→ Problem description
Go through the data below and repeat it exactly, skipping each picture.
Data to examine Start Marker
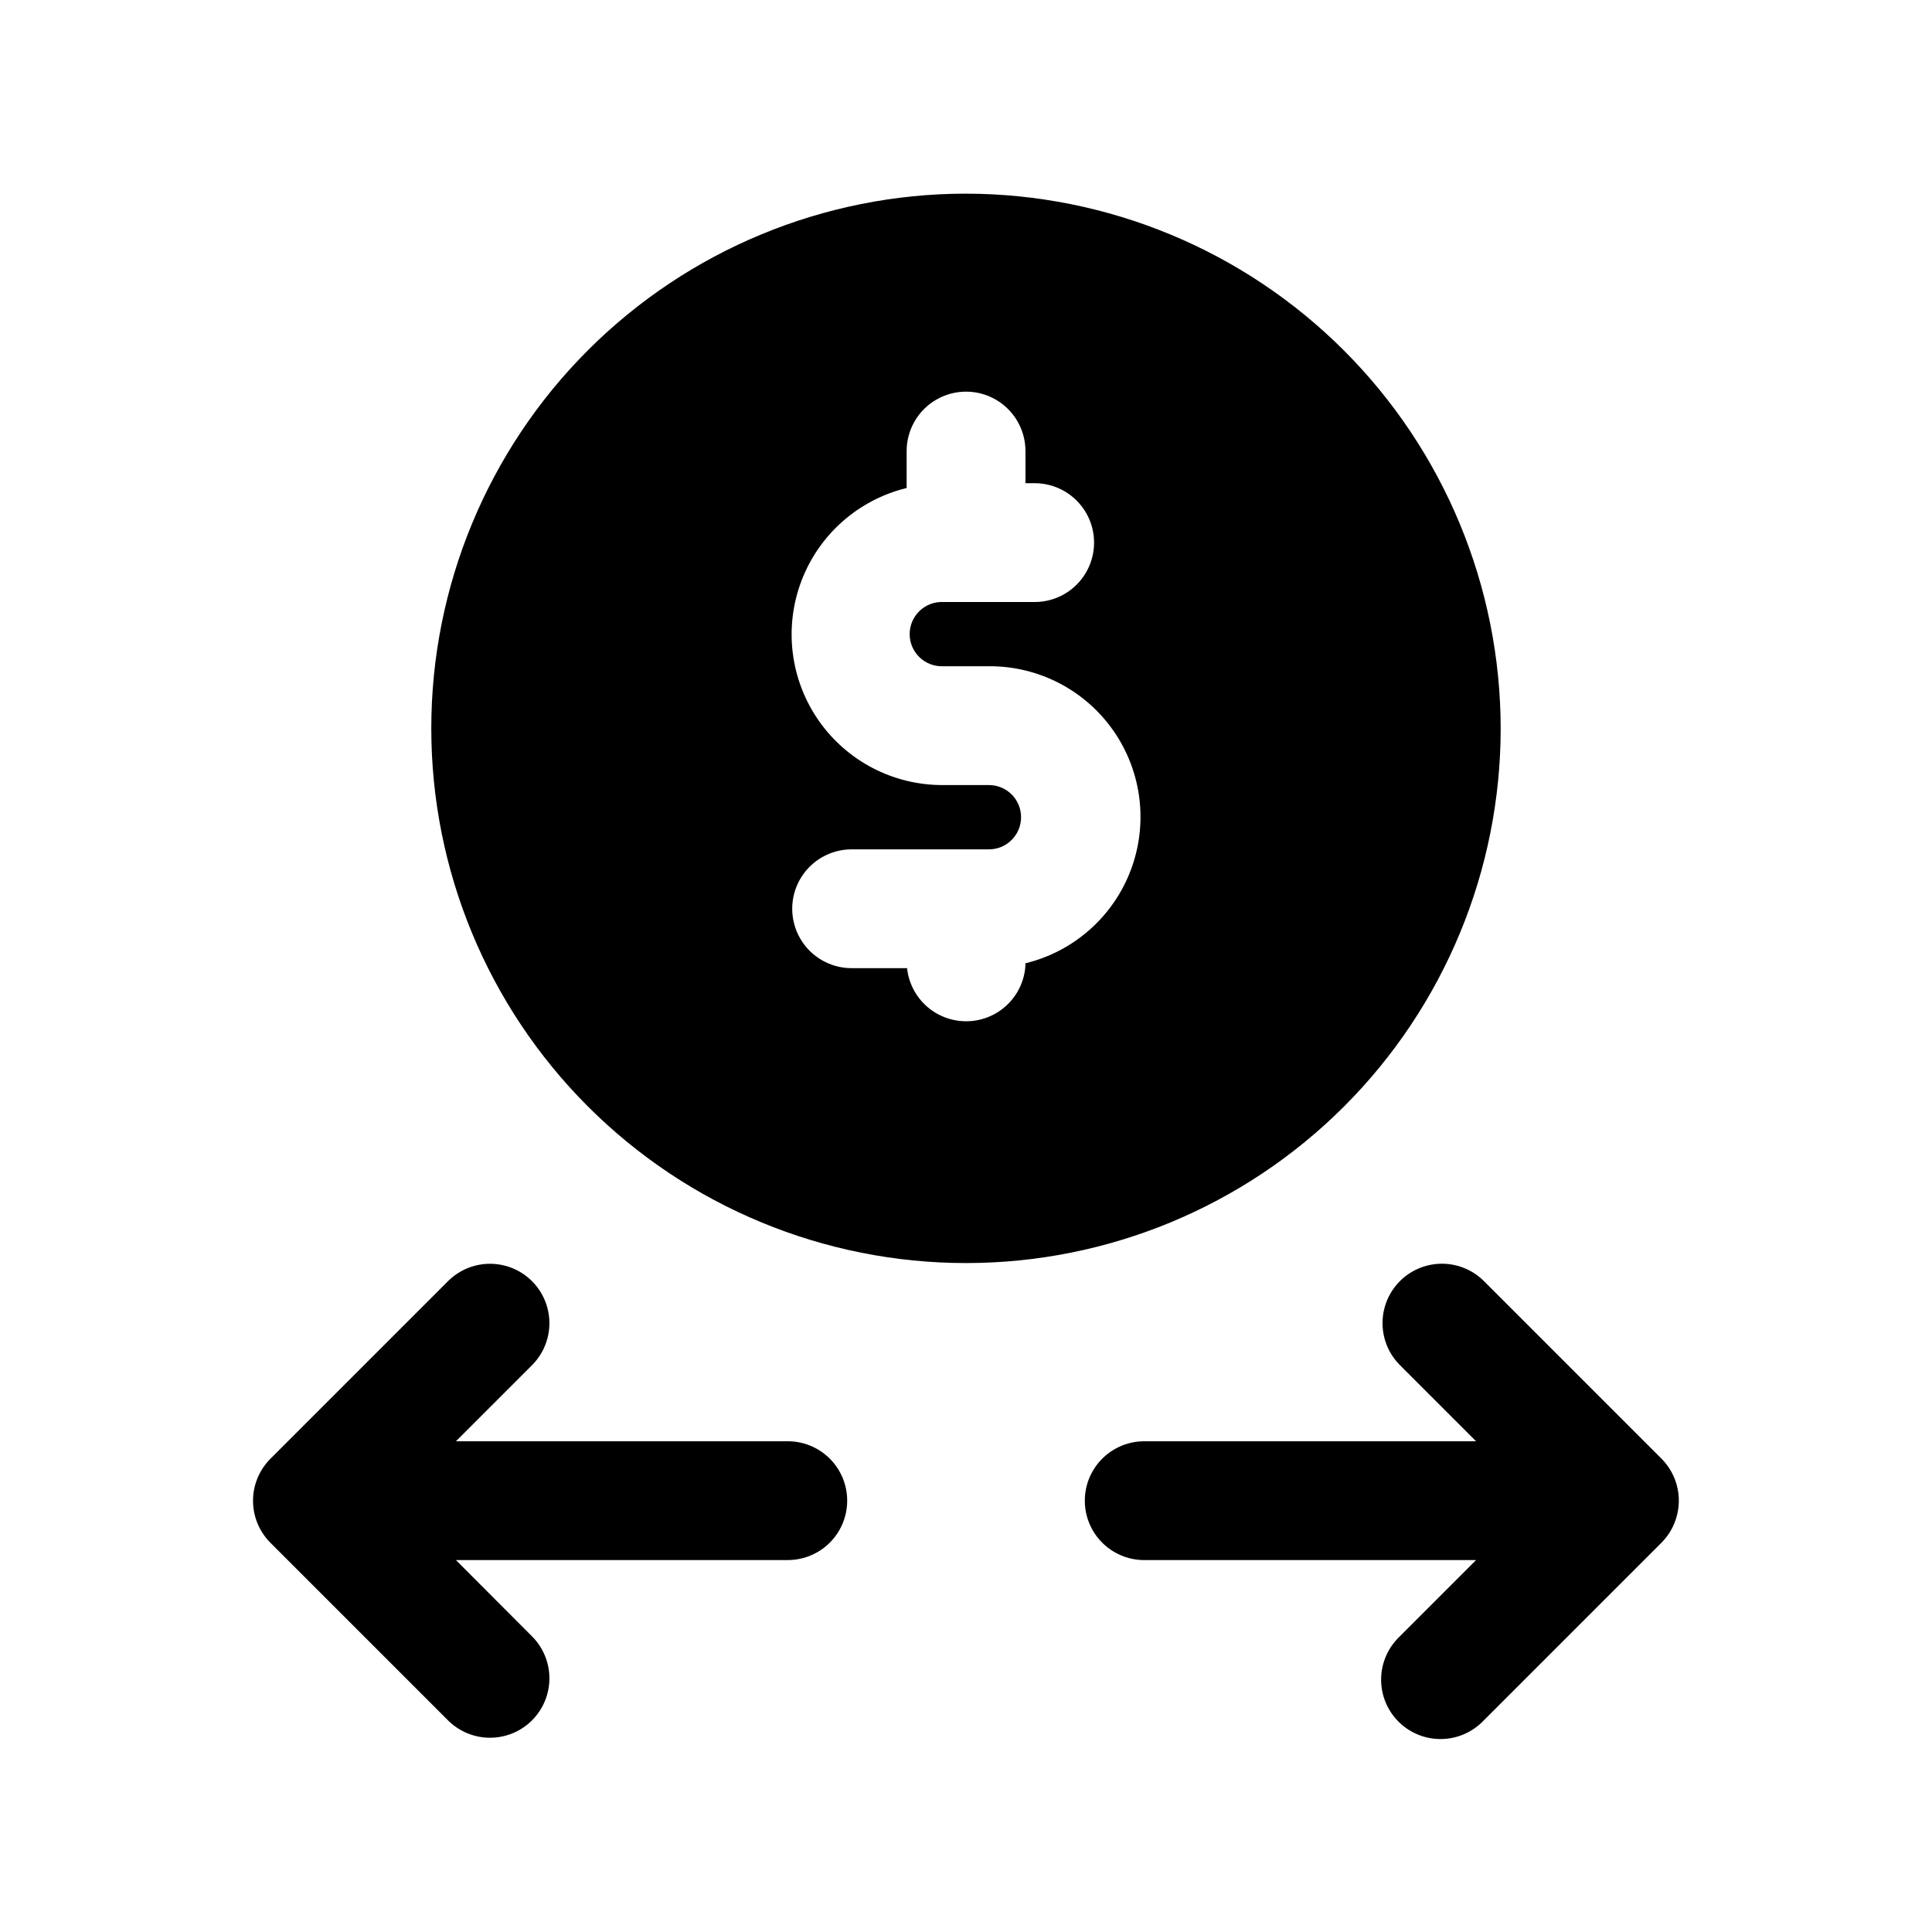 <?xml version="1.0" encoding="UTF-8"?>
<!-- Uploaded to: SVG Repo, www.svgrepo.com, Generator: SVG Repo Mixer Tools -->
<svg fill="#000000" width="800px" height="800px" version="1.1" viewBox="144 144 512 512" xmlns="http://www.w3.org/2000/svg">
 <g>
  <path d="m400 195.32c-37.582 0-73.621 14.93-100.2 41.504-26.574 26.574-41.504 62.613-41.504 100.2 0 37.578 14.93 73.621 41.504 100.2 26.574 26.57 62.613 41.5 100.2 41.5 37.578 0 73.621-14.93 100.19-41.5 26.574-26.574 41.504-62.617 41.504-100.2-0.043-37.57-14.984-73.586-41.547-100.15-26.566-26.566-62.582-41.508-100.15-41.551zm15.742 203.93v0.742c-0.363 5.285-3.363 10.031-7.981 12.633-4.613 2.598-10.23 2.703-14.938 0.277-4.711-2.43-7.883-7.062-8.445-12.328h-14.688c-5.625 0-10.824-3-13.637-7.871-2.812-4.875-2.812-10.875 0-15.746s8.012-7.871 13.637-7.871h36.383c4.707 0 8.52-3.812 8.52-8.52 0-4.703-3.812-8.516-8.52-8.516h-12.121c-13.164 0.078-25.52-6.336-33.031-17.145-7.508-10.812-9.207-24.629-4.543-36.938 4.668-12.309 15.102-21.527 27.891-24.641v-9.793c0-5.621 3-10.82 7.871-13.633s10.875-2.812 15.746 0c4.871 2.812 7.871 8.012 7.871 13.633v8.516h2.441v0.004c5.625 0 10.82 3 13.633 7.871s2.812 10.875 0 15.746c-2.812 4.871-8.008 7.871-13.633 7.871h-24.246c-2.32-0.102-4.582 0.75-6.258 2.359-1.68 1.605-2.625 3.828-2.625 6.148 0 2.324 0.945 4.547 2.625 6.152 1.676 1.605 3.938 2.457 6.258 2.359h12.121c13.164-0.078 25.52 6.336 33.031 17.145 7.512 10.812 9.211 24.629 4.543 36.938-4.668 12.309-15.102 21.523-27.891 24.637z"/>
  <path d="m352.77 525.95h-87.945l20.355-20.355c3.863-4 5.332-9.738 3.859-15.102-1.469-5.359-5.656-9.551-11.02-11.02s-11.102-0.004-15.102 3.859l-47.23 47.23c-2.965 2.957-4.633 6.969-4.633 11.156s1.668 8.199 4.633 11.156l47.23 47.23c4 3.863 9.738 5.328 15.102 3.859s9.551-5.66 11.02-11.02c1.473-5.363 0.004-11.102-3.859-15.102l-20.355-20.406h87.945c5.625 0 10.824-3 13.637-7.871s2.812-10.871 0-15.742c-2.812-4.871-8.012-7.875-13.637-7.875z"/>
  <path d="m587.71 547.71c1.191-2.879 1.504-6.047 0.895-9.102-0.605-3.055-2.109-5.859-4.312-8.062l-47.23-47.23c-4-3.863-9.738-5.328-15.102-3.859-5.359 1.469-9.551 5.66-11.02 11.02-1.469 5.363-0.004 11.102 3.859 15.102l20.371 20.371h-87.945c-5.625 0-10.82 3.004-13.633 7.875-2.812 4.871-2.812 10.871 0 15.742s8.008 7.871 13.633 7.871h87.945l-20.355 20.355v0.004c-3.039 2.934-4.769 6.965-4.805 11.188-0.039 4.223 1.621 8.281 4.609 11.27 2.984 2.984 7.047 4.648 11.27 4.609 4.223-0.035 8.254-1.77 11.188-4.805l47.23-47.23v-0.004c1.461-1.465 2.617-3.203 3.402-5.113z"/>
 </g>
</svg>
Data to examine End Marker
→ Task response
 <?xml version="1.0" encoding="UTF-8"?>
<!-- Uploaded to: SVG Repo, www.svgrepo.com, Generator: SVG Repo Mixer Tools -->
<svg fill="#000000" width="800px" height="800px" version="1.1" viewBox="144 144 512 512" xmlns="http://www.w3.org/2000/svg">
 <g>
  <path d="m400 195.32c-37.582 0-73.621 14.93-100.2 41.504-26.574 26.574-41.504 62.613-41.504 100.2 0 37.578 14.93 73.621 41.504 100.2 26.574 26.57 62.613 41.5 100.2 41.5 37.578 0 73.621-14.93 100.19-41.5 26.574-26.574 41.504-62.617 41.504-100.2-0.043-37.57-14.984-73.586-41.547-100.15-26.566-26.566-62.582-41.508-100.15-41.551zm15.742 203.93v0.742c-0.363 5.285-3.363 10.031-7.981 12.633-4.613 2.598-10.23 2.703-14.938 0.277-4.711-2.43-7.883-7.062-8.445-12.328h-14.688c-5.625 0-10.824-3-13.637-7.871-2.812-4.875-2.812-10.875 0-15.746s8.012-7.871 13.637-7.871h36.383c4.707 0 8.52-3.812 8.52-8.52 0-4.703-3.812-8.516-8.52-8.516h-12.121c-13.164 0.078-25.52-6.336-33.031-17.145-7.508-10.812-9.207-24.629-4.543-36.938 4.668-12.309 15.102-21.527 27.891-24.641v-9.793c0-5.621 3-10.82 7.871-13.633s10.875-2.812 15.746 0c4.871 2.812 7.871 8.012 7.871 13.633v8.516h2.441v0.004c5.625 0 10.82 3 13.633 7.871s2.812 10.875 0 15.746c-2.812 4.871-8.008 7.871-13.633 7.871h-24.246c-2.32-0.102-4.582 0.75-6.258 2.359-1.68 1.605-2.625 3.828-2.625 6.148 0 2.324 0.945 4.547 2.625 6.152 1.676 1.605 3.938 2.457 6.258 2.359h12.121c13.164-0.078 25.52 6.336 33.031 17.145 7.512 10.812 9.211 24.629 4.543 36.938-4.668 12.309-15.102 21.523-27.891 24.637z"/>
  <path d="m352.77 525.95h-87.945l20.355-20.355c3.863-4 5.332-9.738 3.859-15.102-1.469-5.359-5.656-9.551-11.02-11.02s-11.102-0.004-15.102 3.859l-47.23 47.23c-2.965 2.957-4.633 6.969-4.633 11.156s1.668 8.199 4.633 11.156l47.23 47.23c4 3.863 9.738 5.328 15.102 3.859s9.551-5.66 11.02-11.02c1.473-5.363 0.004-11.102-3.859-15.102l-20.355-20.406h87.945c5.625 0 10.824-3 13.637-7.871s2.812-10.871 0-15.742c-2.812-4.871-8.012-7.875-13.637-7.875z"/>
  <path d="m587.71 547.71c1.191-2.879 1.504-6.047 0.895-9.102-0.605-3.055-2.109-5.859-4.312-8.062l-47.23-47.23c-4-3.863-9.738-5.328-15.102-3.859-5.359 1.469-9.551 5.66-11.02 11.02-1.469 5.363-0.004 11.102 3.859 15.102l20.371 20.371h-87.945c-5.625 0-10.82 3.004-13.633 7.875-2.812 4.871-2.812 10.871 0 15.742s8.008 7.871 13.633 7.871h87.945l-20.355 20.355v0.004c-3.039 2.934-4.769 6.965-4.805 11.188-0.039 4.223 1.621 8.281 4.609 11.27 2.984 2.984 7.047 4.648 11.27 4.609 4.223-0.035 8.254-1.77 11.188-4.805l47.23-47.23v-0.004c1.461-1.465 2.617-3.203 3.402-5.113z"/>
 </g>
</svg>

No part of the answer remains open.